* Your objective: Please find every line of the listing below where "circle" occurs and copy it.

* Given records:
--

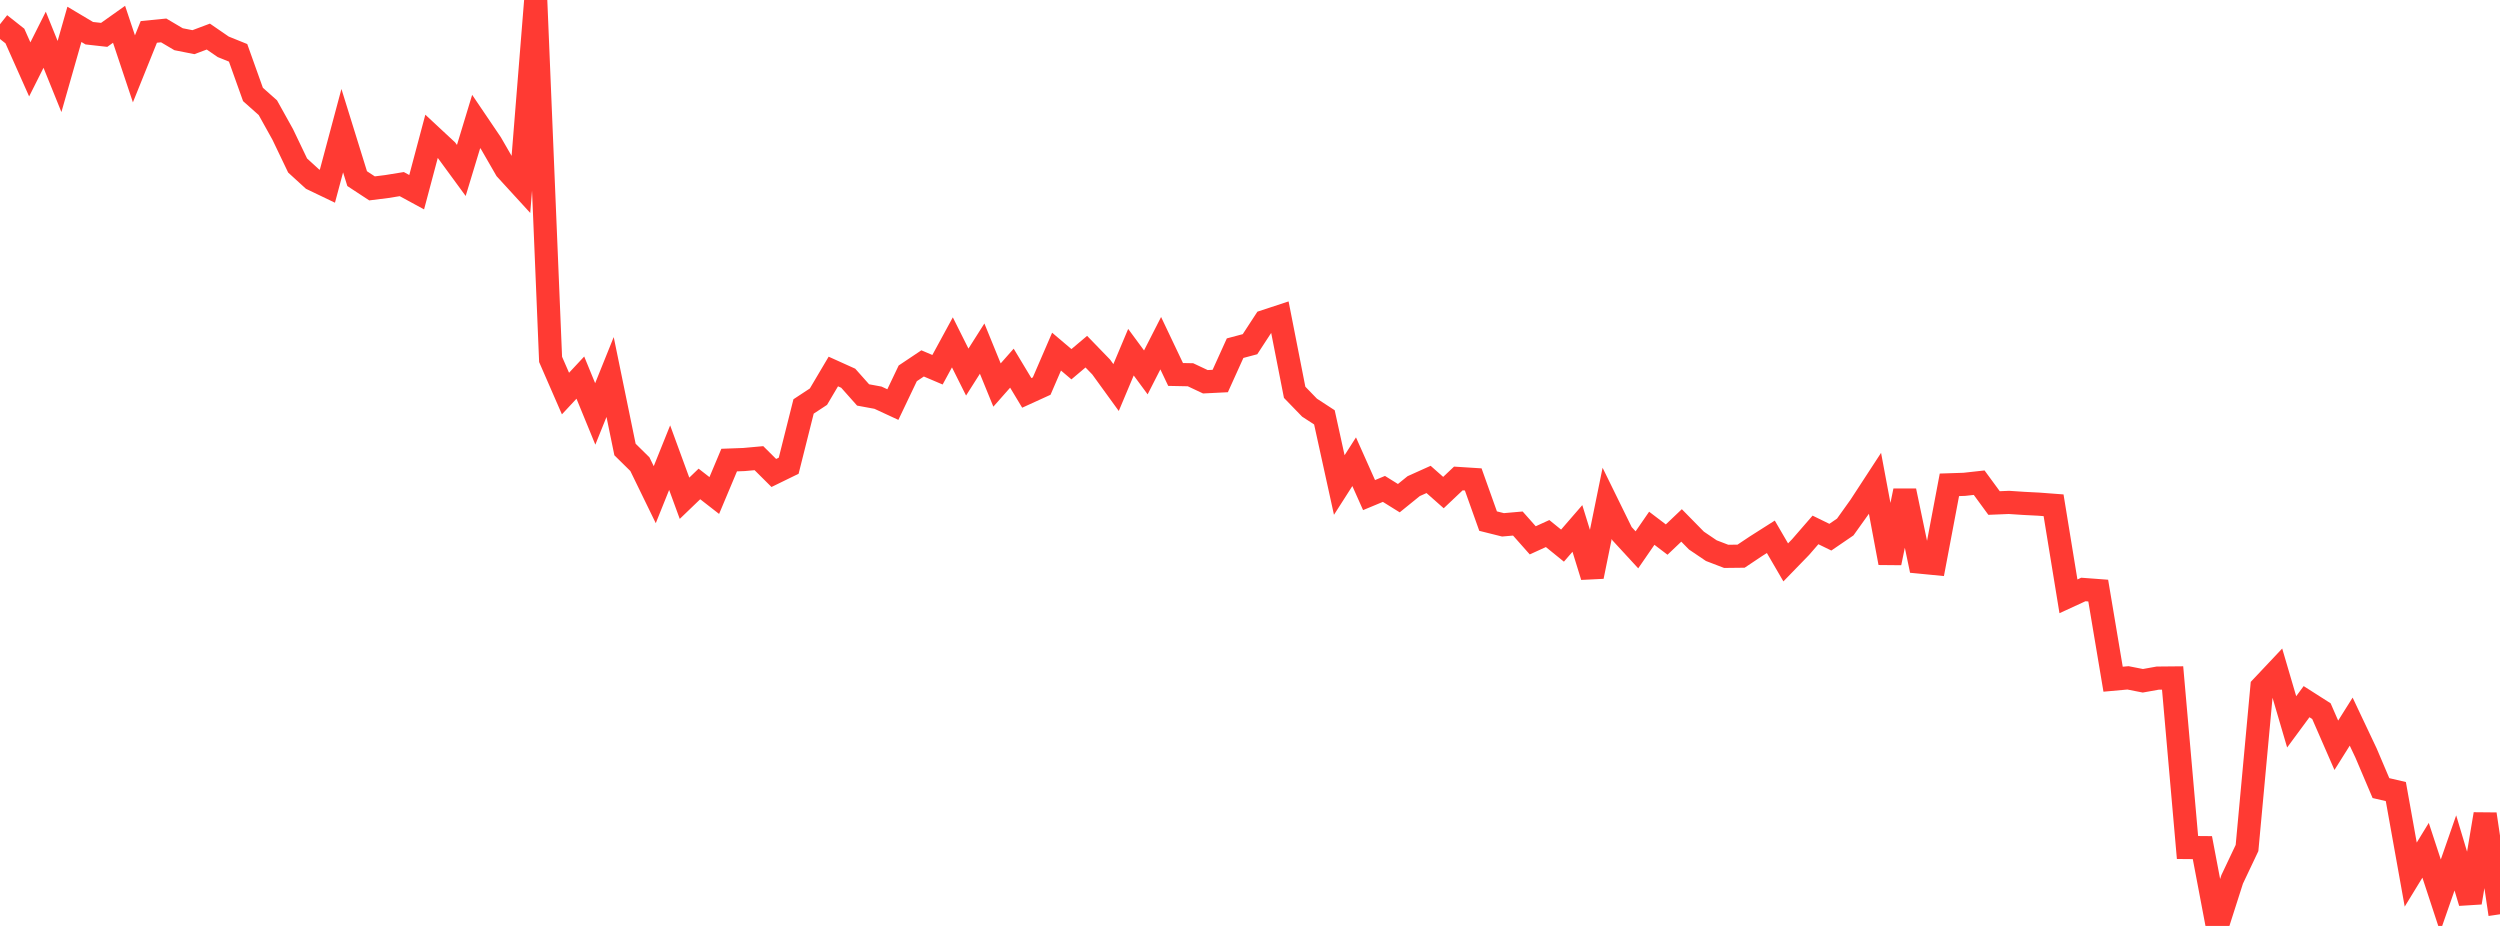<?xml version="1.0" standalone="no"?>
<!DOCTYPE svg PUBLIC "-//W3C//DTD SVG 1.1//EN" "http://www.w3.org/Graphics/SVG/1.1/DTD/svg11.dtd">

<svg width="135" height="50" viewBox="0 0 135 50" preserveAspectRatio="none" 
  xmlns="http://www.w3.org/2000/svg"
  xmlns:xlink="http://www.w3.org/1999/xlink">


<polyline points="0.0, 1.31 0.804, 1.945 1.607, 3.747 2.411, 2.146 3.214, 4.132 4.018, 1.315 4.821, 1.793 5.625, 1.883 6.429, 1.312 7.232, 3.718 8.036, 1.723 8.839, 1.643 9.643, 2.118 10.446, 2.277 11.25, 1.975 12.054, 2.528 12.857, 2.853 13.661, 5.101 14.464, 5.815 15.268, 7.26 16.071, 8.937 16.875, 9.671 17.679, 10.057 18.482, 7.056 19.286, 9.646 20.089, 10.173 20.893, 10.072 21.696, 9.942 22.5, 10.379 23.304, 7.36 24.107, 8.107 24.911, 9.205 25.714, 6.558 26.518, 7.746 27.321, 9.14 28.125, 10.018 28.929, 0.0 29.732, 19.407 30.536, 21.252 31.339, 20.391 32.143, 22.352 32.946, 20.359 33.75, 24.273 34.554, 25.065 35.357, 26.713 36.161, 24.713 36.964, 26.906 37.768, 26.133 38.571, 26.758 39.375, 24.844 40.179, 24.814 40.982, 24.741 41.786, 25.541 42.589, 25.149 43.393, 21.948 44.196, 21.42 45.0, 20.061 45.804, 20.424 46.607, 21.327 47.411, 21.475 48.214, 21.847 49.018, 20.161 49.821, 19.624 50.625, 19.966 51.429, 18.487 52.232, 20.092 53.036, 18.825 53.839, 20.792 54.643, 19.881 55.446, 21.216 56.25, 20.849 57.054, 18.988 57.857, 19.668 58.661, 18.99 59.464, 19.819 60.268, 20.928 61.071, 19.018 61.875, 20.109 62.679, 18.532 63.482, 20.221 64.286, 20.237 65.089, 20.615 65.893, 20.575 66.696, 18.801 67.5, 18.587 68.304, 17.355 69.107, 17.091 69.911, 21.184 70.714, 22.013 71.518, 22.537 72.321, 26.191 73.125, 24.933 73.929, 26.735 74.732, 26.401 75.536, 26.901 76.339, 26.251 77.143, 25.889 77.946, 26.599 78.75, 25.838 79.554, 25.889 80.357, 28.14 81.161, 28.341 81.964, 28.271 82.768, 29.178 83.571, 28.812 84.375, 29.464 85.179, 28.536 85.982, 31.132 86.786, 27.181 87.589, 28.818 88.393, 29.691 89.196, 28.526 90.0, 29.137 90.804, 28.373 91.607, 29.191 92.411, 29.735 93.214, 30.043 94.018, 30.034 94.821, 29.498 95.625, 28.987 96.429, 30.369 97.232, 29.542 98.036, 28.616 98.839, 29.008 99.643, 28.458 100.446, 27.334 101.25, 26.101 102.054, 30.396 102.857, 26.504 103.661, 30.352 104.464, 30.43 105.268, 26.18 106.071, 26.154 106.875, 26.065 107.679, 27.163 108.482, 27.13 109.286, 27.183 110.089, 27.224 110.893, 27.285 111.696, 32.202 112.5, 31.832 113.304, 31.892 114.107, 36.677 114.911, 36.604 115.714, 36.762 116.518, 36.618 117.321, 36.61 118.125, 45.765 118.929, 45.772 119.732, 50.0 120.536, 47.487 121.339, 45.793 122.143, 37.094 122.946, 36.242 123.75, 38.98 124.554, 37.89 125.357, 38.402 126.161, 40.245 126.964, 38.968 127.768, 40.668 128.571, 42.557 129.375, 42.744 130.179, 47.228 130.982, 45.915 131.786, 48.363 132.589, 46.057 133.393, 48.739 134.196, 43.963 135.0, 49.371" fill="none" stroke="#ff3a33" stroke-width="1.25"/>

</svg>
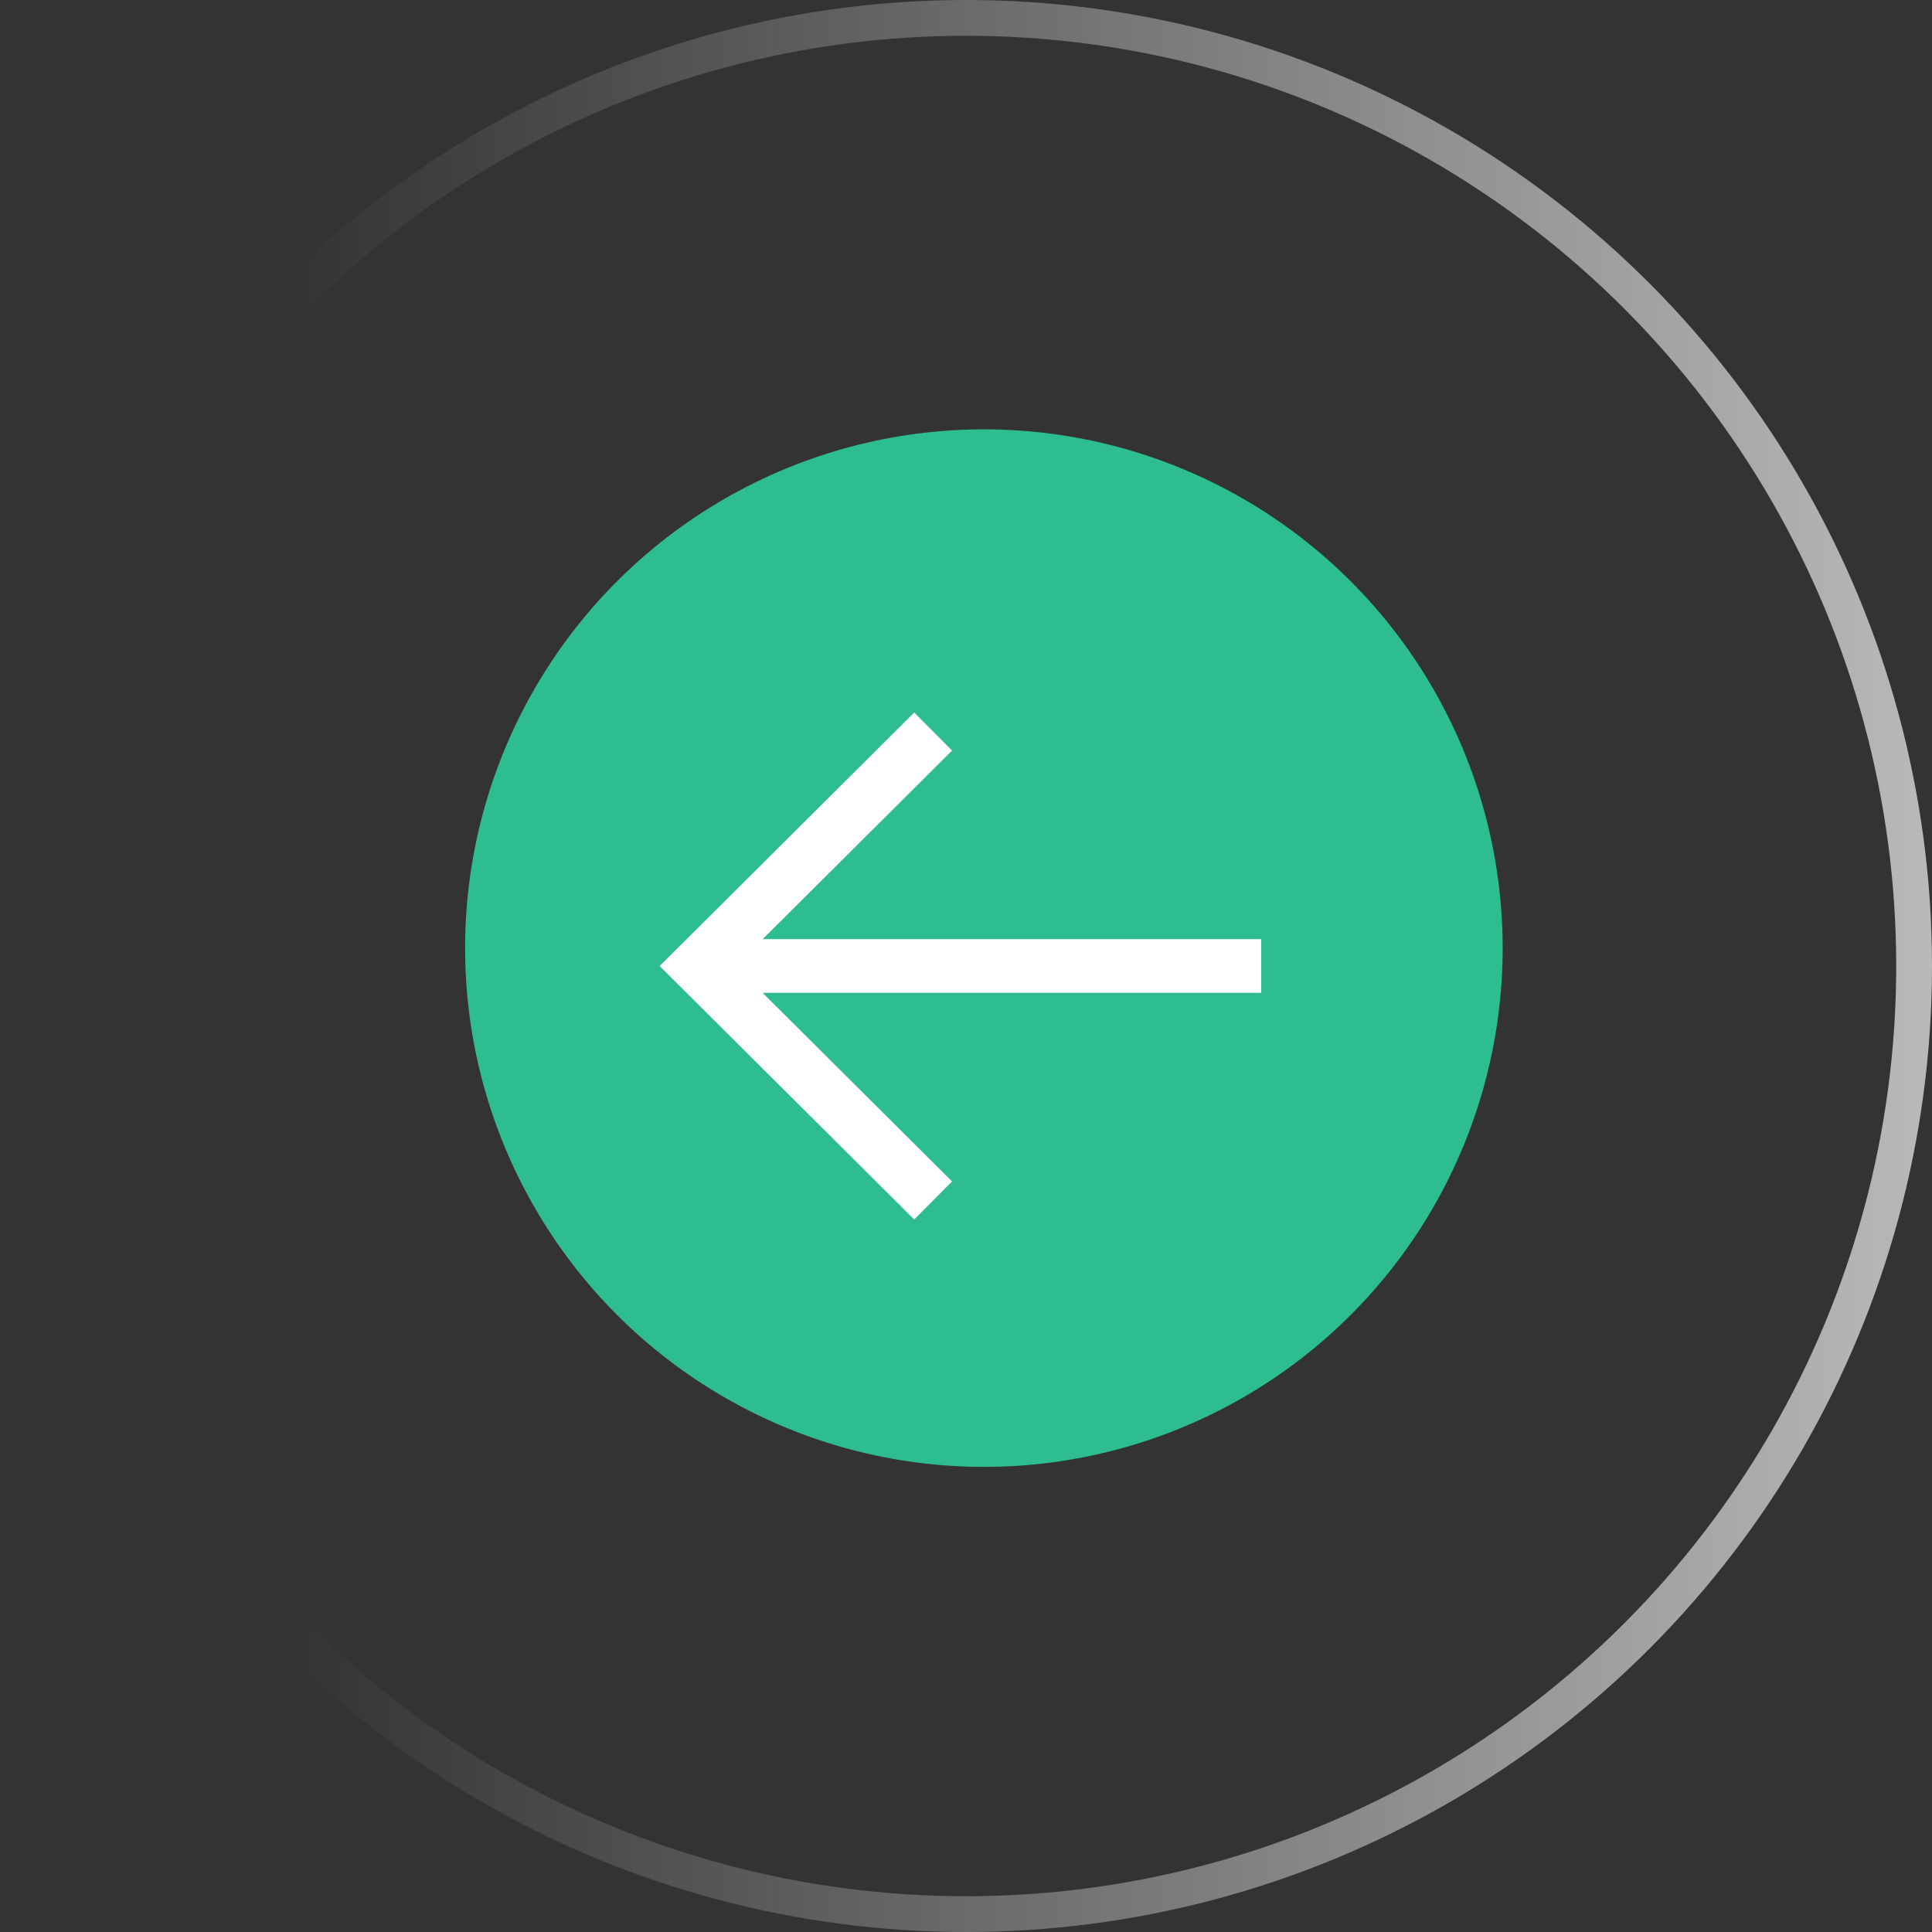 <svg width="54" height="54" viewBox="0 0 54 54" fill="none" xmlns="http://www.w3.org/2000/svg">
<rect x="0" y="0" width="54" height="54" fill="#333333" stroke="none"/>
<circle cx="27.5" cy="26.5" r="14.5" fill="#2EBC91"/>
<path fill-rule="evenodd" clip-rule="evenodd" d="M35.25 27.75L19.35 27.75L19.35 26.25L35.25 26.25L35.25 27.75Z" fill="white"/>
<path fill-rule="evenodd" clip-rule="evenodd" d="M26.61 20.978L20.563 27.001L26.61 33.022L25.552 34.085L18.437 27.001L25.552 19.915L26.61 20.978Z" fill="white"/>
<circle cx="27" cy="27" r="26.5" stroke="url(#paint0_linear_79_2902)"/>
<defs>
<linearGradient id="paint0_linear_79_2902" x1="56" y1="27" x2="8" y2="27" gradientUnits="userSpaceOnUse">
<stop stop-color="#BFBFBF"/>
<stop offset="1" stop-color="#BFBFBF" stop-opacity="0"/>
</linearGradient>
</defs>
</svg>

--

* Solution to this task:
<circle cx="27.5" cy="26.5" r="14.5" fill="#2EBC91"/>
<circle cx="27" cy="27" r="26.5" stroke="url(#paint0_linear_79_2902)"/>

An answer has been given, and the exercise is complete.